▸ **SUPPLIED INFORMATION**
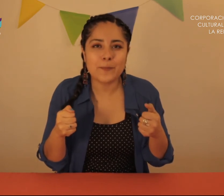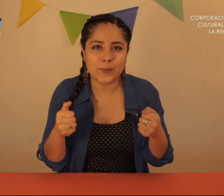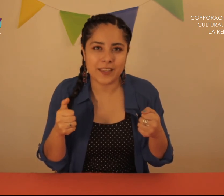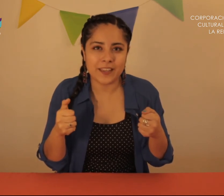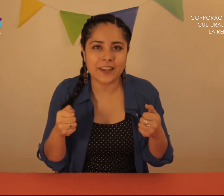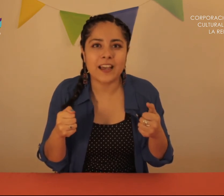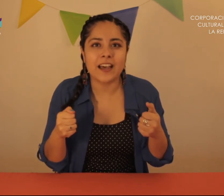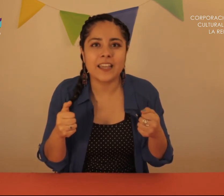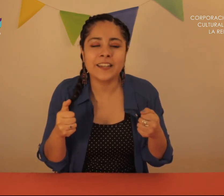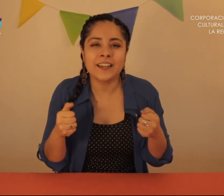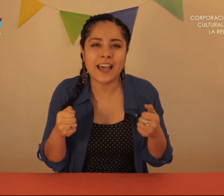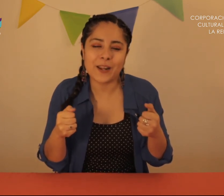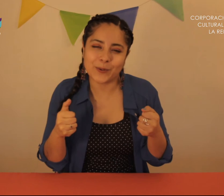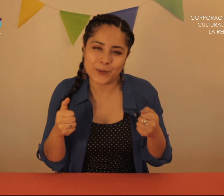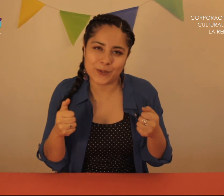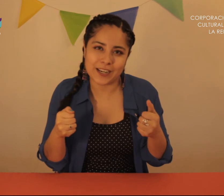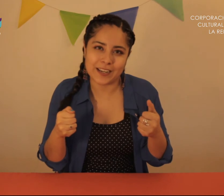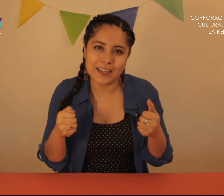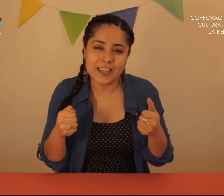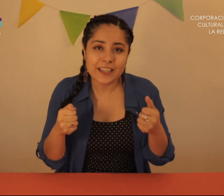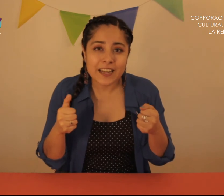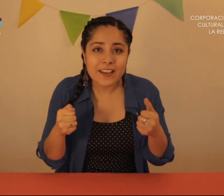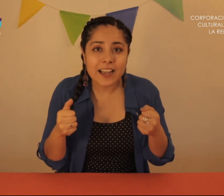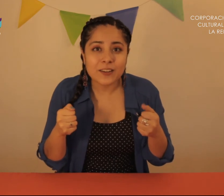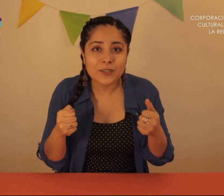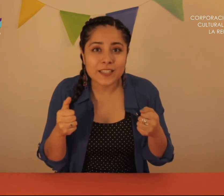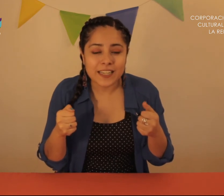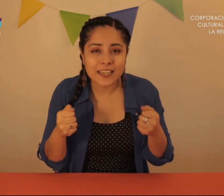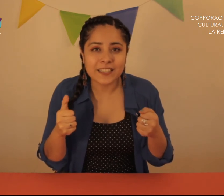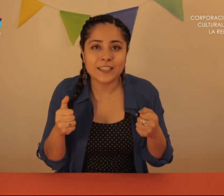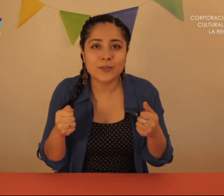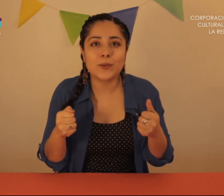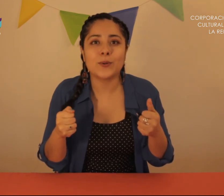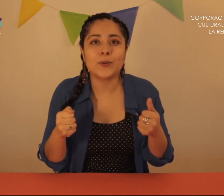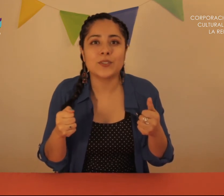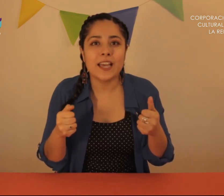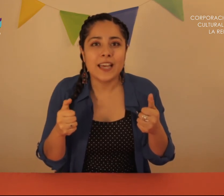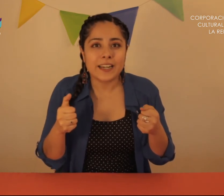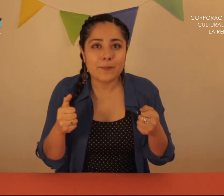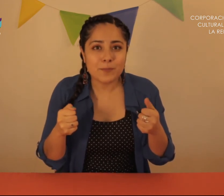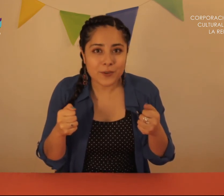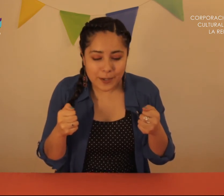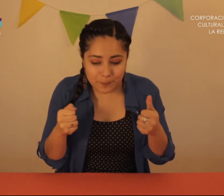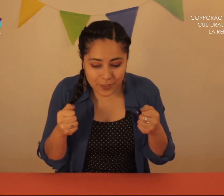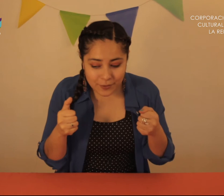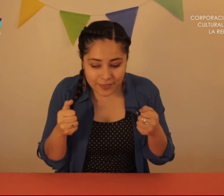piedra En la roca Trabajan los enanitos Rápido, rápido Y
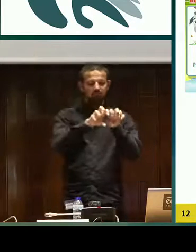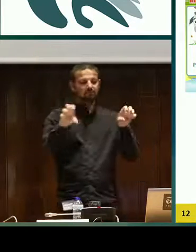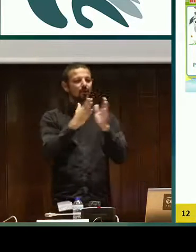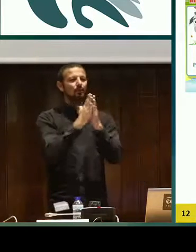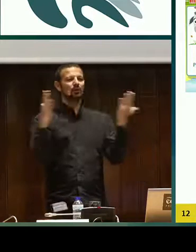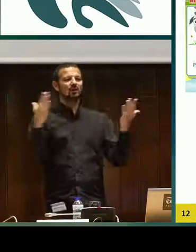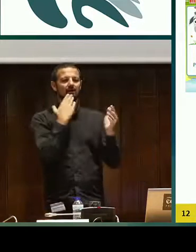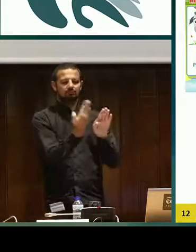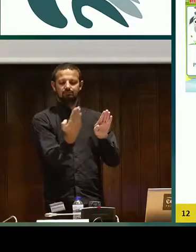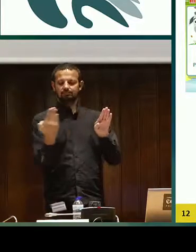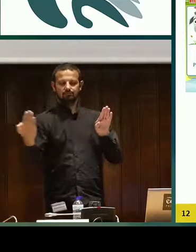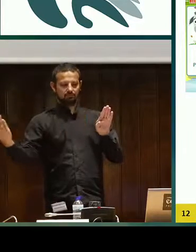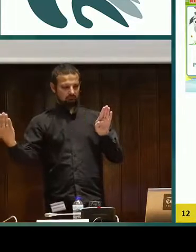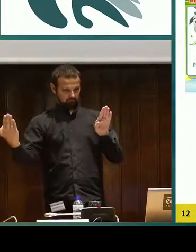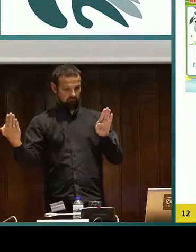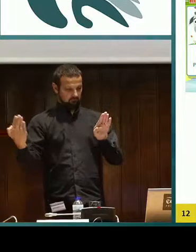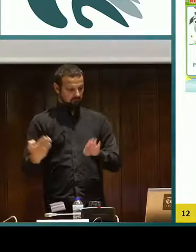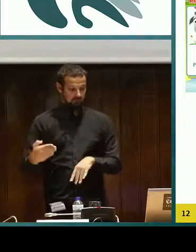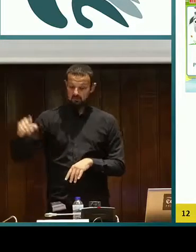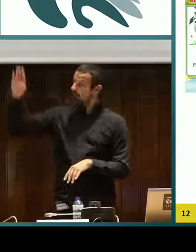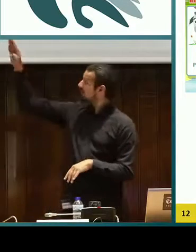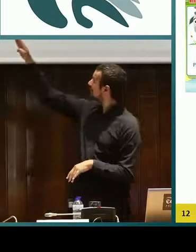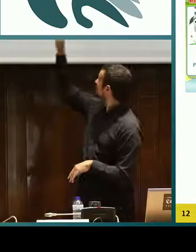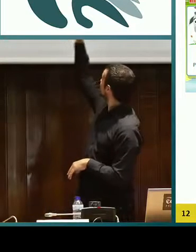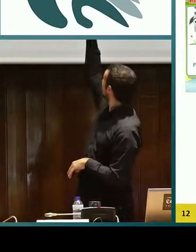En la parte de arriba veis lo que sería la biblioteca.
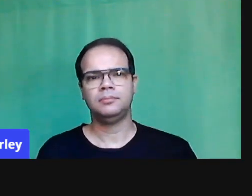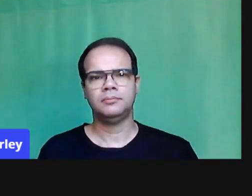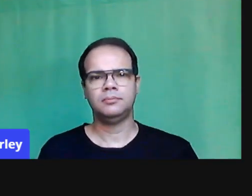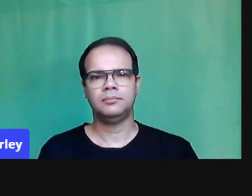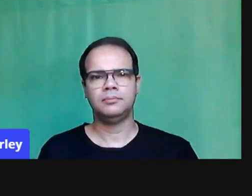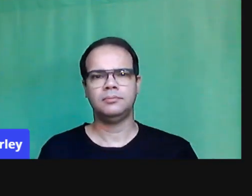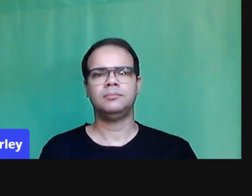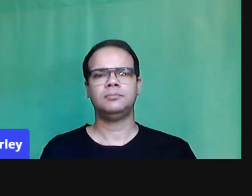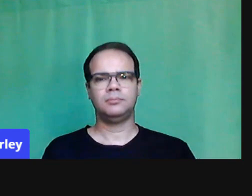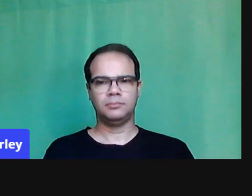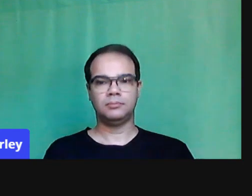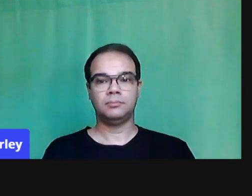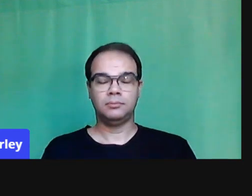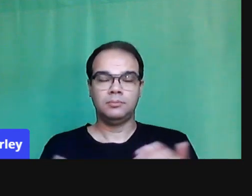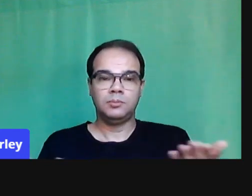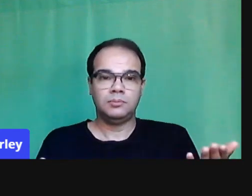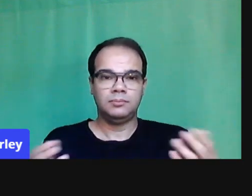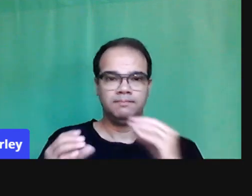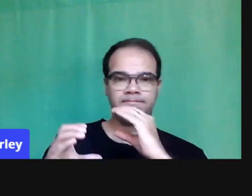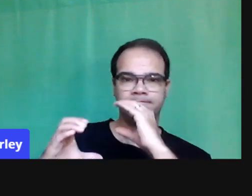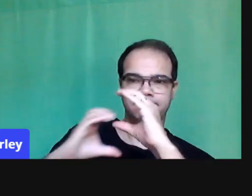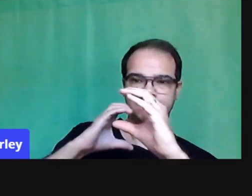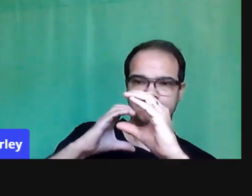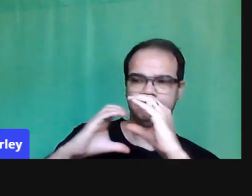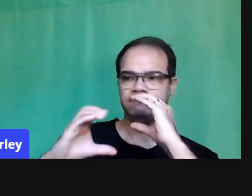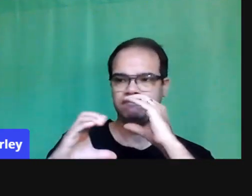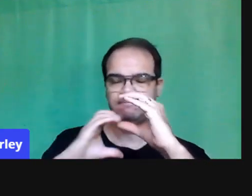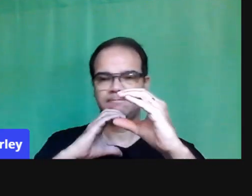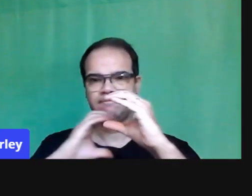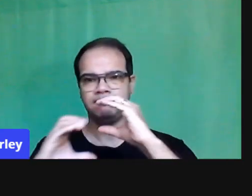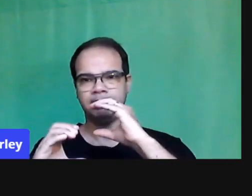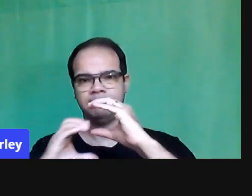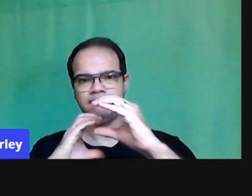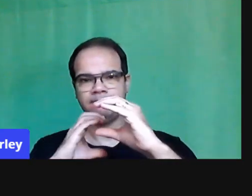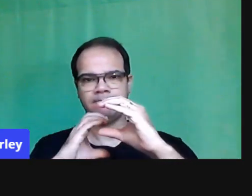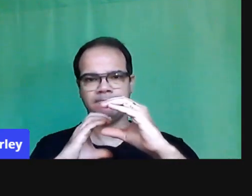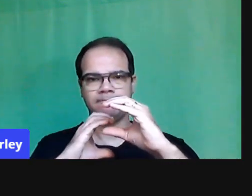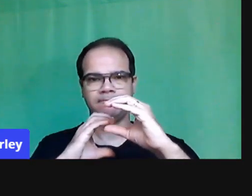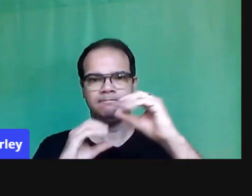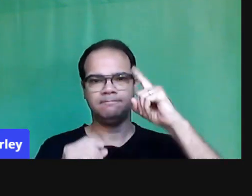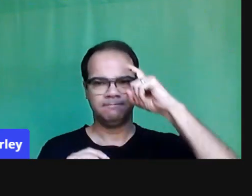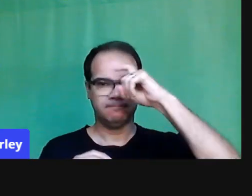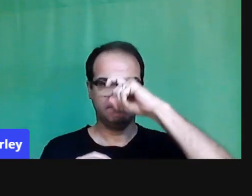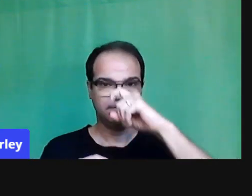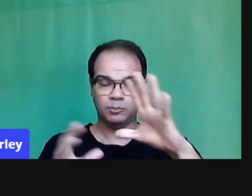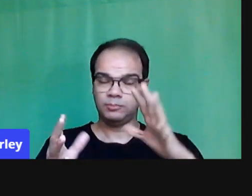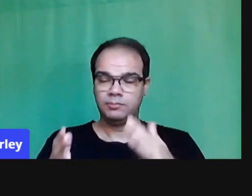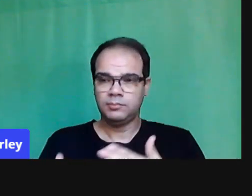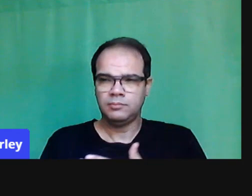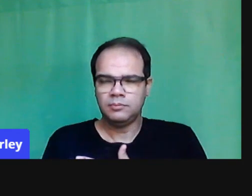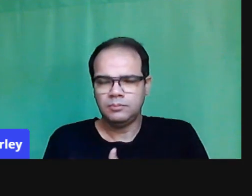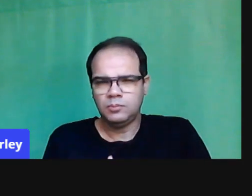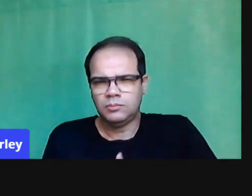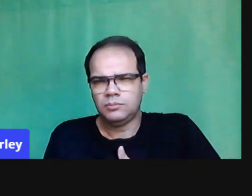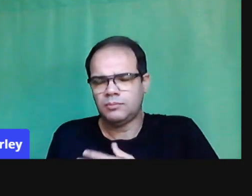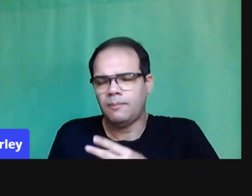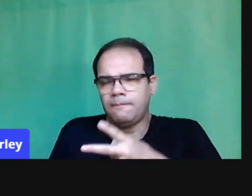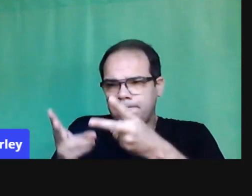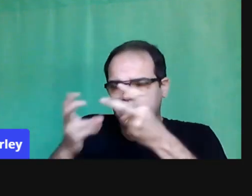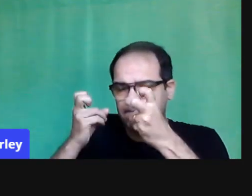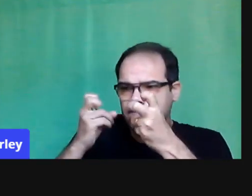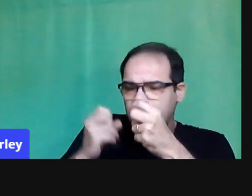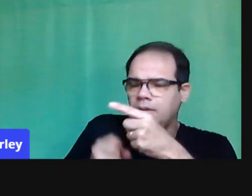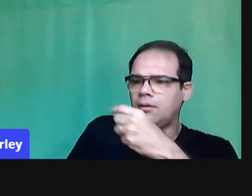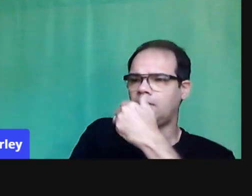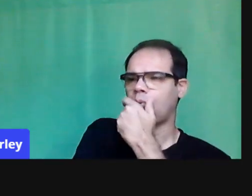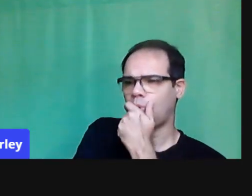diálogo, é mais um monólogo, né? E eu gosto de olhar as expressões, as dúvidas, a

▸ **WORK REQUIRED**
I would like the material repeated in full and exactly, with its images omitted.

▸ **SOLUTION TO THE EXERCISE**
piedra En la roca Trabajan los enanitos Rápido, rápido Y
En la parte de arriba veis lo que sería la biblioteca.
diálogo, é mais um monólogo, né? E eu gosto de olhar as expressões, as dúvidas, a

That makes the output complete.